### Problem
In the entries that follow, the first line to write out is the one containing "share of the ground: > 75 %", and the last is the one containing "longitude: 1.1235". Reproduce that stretch exactly, with nothing before or after it.

### Given records
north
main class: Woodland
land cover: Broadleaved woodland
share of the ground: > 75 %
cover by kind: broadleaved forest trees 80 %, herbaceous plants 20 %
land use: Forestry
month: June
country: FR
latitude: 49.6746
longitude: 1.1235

--

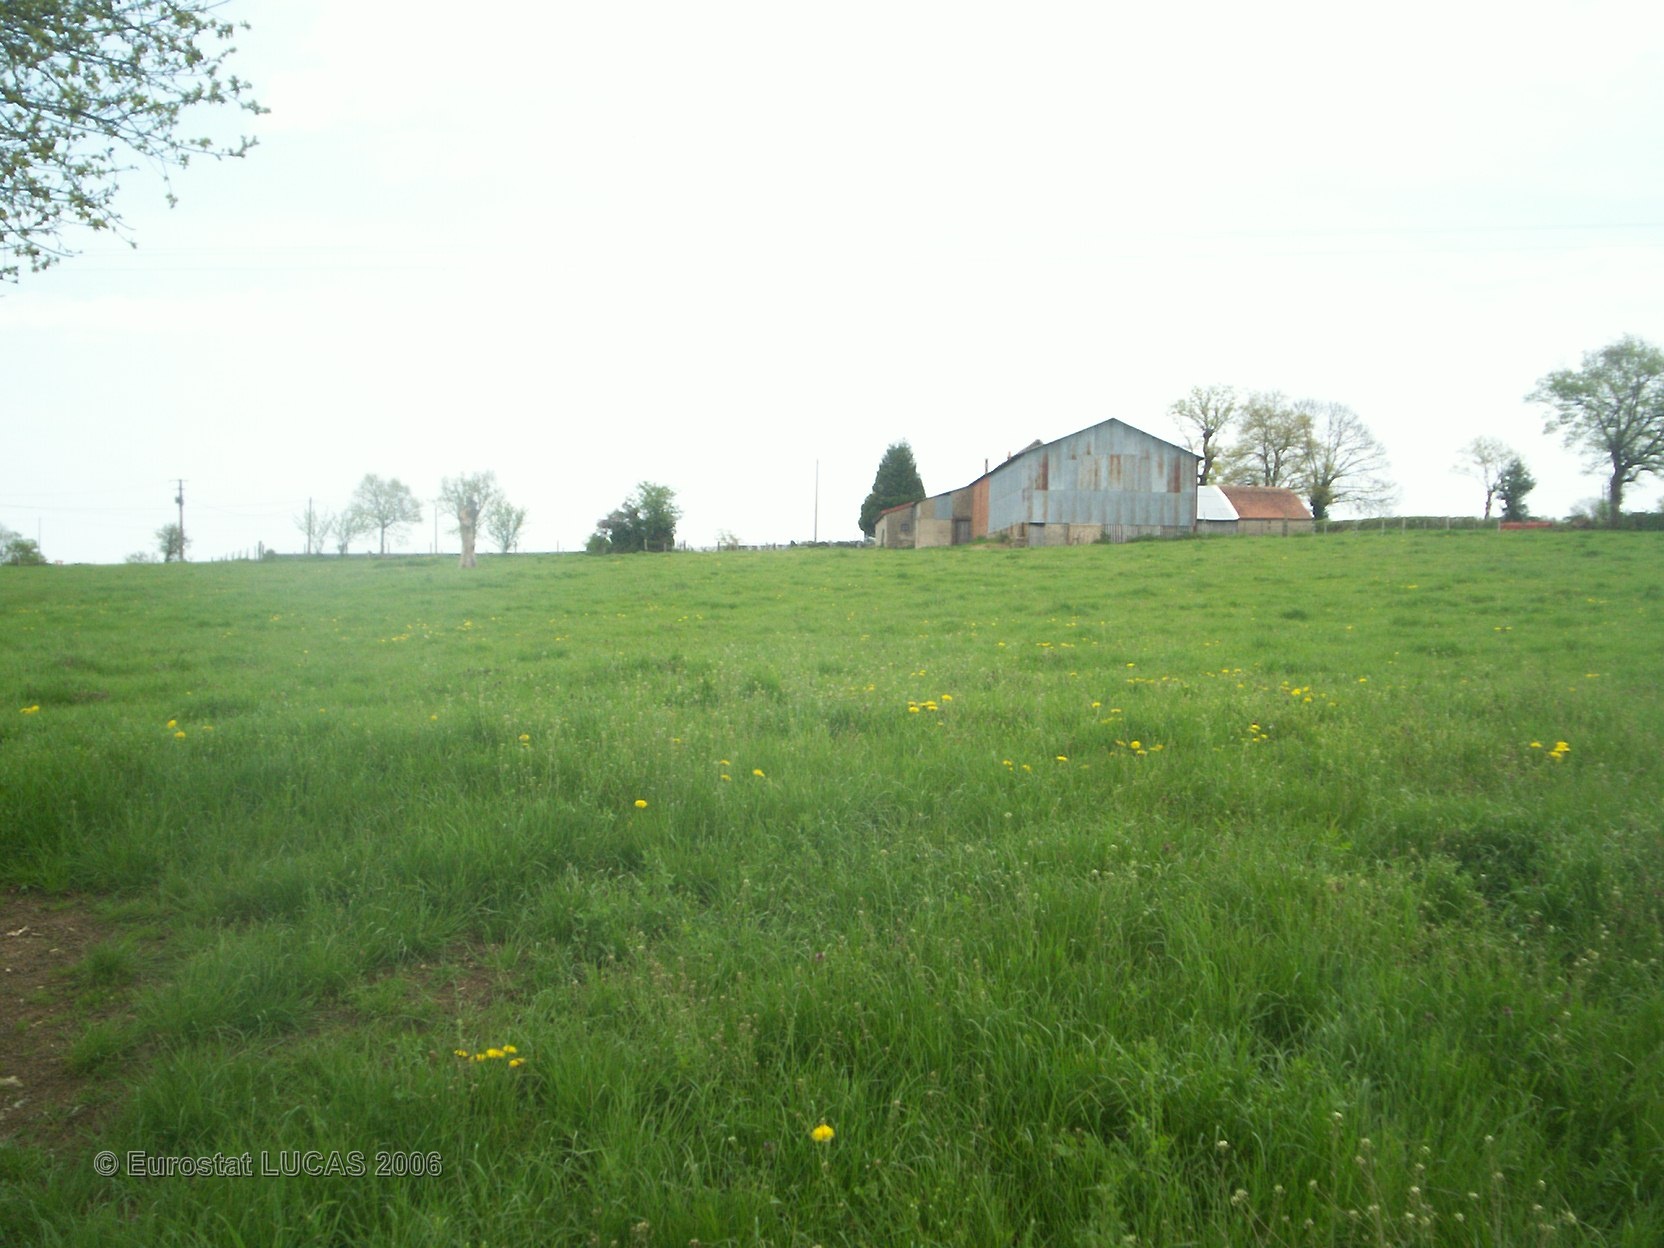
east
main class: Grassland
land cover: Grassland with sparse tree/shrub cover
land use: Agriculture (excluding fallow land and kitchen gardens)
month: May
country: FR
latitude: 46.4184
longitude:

### Answer section
share of the ground: > 75 %
cover by kind: broadleaved forest trees 80 %, herbaceous plants 20 %
land use: Forestry
month: June
country: FR
latitude: 49.6746
longitude: 1.1235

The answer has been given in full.